■ REQUIRED ACTION:
Reproduce only what runs from the line containing "An aerial image." to the line containing "Echo time: 0.00298 s" in the records below, inclusive. Keep it exact, and keep the pictures out.

*** Opening THE INPUT ***

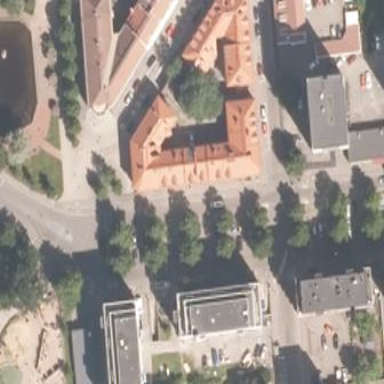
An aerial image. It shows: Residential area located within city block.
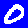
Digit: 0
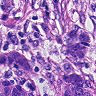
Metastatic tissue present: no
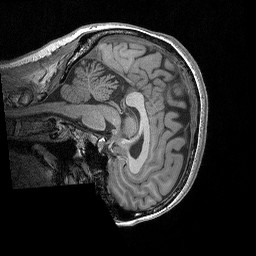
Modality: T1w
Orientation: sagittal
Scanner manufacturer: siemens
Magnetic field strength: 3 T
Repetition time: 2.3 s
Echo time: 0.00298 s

*** Closing THE INPUT ***
*** Opening THE INPUT ***

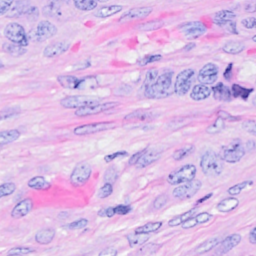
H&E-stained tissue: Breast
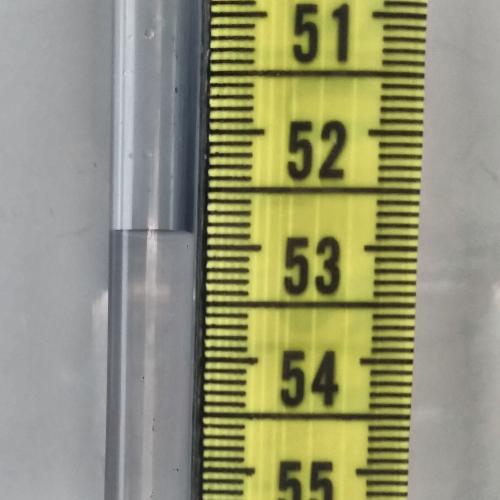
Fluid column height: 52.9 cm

*** Closing THE INPUT ***
*** Opening THE INPUT ***

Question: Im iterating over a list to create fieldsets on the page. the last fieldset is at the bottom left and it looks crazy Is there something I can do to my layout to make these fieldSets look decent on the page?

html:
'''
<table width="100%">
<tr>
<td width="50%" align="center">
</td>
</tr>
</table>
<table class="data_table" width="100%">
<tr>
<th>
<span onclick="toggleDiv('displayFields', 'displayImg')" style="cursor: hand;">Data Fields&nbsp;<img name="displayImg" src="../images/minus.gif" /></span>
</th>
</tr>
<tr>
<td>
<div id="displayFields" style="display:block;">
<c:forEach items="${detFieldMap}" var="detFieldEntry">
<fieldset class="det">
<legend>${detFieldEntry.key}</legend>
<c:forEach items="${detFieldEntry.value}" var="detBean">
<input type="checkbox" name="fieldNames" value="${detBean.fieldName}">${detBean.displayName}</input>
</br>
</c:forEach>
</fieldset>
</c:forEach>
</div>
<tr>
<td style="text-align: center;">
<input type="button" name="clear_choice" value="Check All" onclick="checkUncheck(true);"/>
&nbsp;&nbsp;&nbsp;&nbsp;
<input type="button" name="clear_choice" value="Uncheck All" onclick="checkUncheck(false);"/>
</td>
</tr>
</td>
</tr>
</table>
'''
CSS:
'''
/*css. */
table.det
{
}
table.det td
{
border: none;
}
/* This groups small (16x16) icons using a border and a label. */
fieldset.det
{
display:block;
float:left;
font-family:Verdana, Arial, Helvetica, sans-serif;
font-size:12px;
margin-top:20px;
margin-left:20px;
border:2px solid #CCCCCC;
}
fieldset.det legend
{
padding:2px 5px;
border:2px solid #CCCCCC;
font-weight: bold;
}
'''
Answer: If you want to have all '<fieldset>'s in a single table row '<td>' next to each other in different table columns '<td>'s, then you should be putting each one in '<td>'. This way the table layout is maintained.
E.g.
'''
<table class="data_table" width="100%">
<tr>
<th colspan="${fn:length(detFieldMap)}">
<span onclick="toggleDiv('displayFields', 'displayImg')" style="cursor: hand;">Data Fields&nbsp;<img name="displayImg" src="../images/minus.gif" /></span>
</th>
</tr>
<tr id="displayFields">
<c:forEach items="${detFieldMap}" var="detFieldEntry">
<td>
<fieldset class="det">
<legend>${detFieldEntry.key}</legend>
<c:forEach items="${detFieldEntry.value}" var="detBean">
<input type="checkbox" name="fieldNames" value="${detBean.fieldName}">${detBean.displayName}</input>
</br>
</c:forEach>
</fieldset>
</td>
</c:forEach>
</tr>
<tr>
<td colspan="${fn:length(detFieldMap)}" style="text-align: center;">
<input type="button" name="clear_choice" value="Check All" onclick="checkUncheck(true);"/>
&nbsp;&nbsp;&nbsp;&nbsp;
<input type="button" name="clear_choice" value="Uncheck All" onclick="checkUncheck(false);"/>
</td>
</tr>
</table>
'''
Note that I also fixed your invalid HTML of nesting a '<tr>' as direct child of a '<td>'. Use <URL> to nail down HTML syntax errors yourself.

*** Closing THE INPUT ***

■ REPLY:
An aerial image. It shows: Residential area located within city block.
Digit: 0
Metastatic tissue present: no
Modality: T1w
Orientation: sagittal
Scanner manufacturer: siemens
Magnetic field strength: 3 T
Repetition time: 2.3 s
Echo time: 0.00298 s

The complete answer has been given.